Training Self-Supervised Depth Completion Using Sparse Measurements and a Single Image
This addresses the challenge of costly annotations and multi-frame dependencies in depth completion for applications like robotics and autonomous driving, offering an incremental improvement over existing self-supervised approaches.
The paper tackles the problem of training depth completion models without dense depth labels or multiple images, proposing a self-supervised method that uses only sparse depth measurements and a single image, achieving competitive performance on benchmarks like KITTI and NYU Depth V2.

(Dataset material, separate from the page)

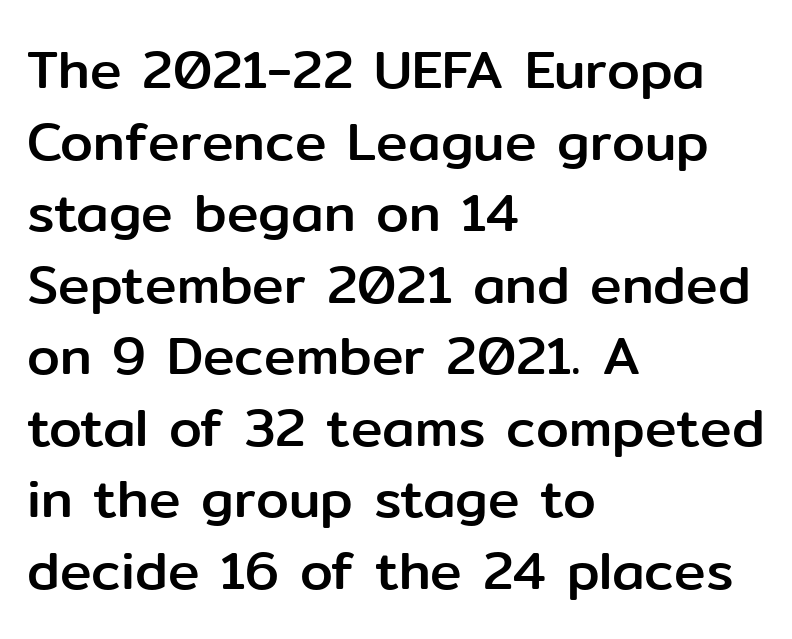
{"serif": "no", "italic": "no", "width": "normal", "stroke_contrast": "low", "x_height": "medium", "monospaced": "no", "underline": "no", "align": "left", "line_spacing": "normal", "line_spacing_ratio": 1.35, "letter_spacing": "normal", "letter_spacing_em": 0.0, "glyph_px": 53}

Depth completion is an important vision task, and many efforts have been made to enhance the quality of depth maps from sparse depth measurements. Despite significant advances, training these models to recover dense depth from sparse measurements remains a challenging problem. Supervised learning methods rely on dense depth labels to predict unobserved regions, while self-supervised approaches require image sequences to enforce geometric constraints and photometric consistency between frames. However, acquiring dense annotations is costly, and multi-frame dependencies limit the applicability of self-supervised methods in static or single-frame scenarios. To address these challenges, we propose a novel self-supervised depth completion paradigm that requires only sparse depth measurements and their corresponding image for training. Unlike existing methods, our approach eliminates the need for dense depth labels or additional images captured from neighboring viewpoints. By leveraging the characteristics of depth distribution, we design novel loss functions that effectively propagate depth information from observed points to unobserved regions. Additionally, we incorporate segmentation maps generated by vision foundation models to further enhance depth estimation. Extensive experiments demonstrate the effectiveness of our proposed method.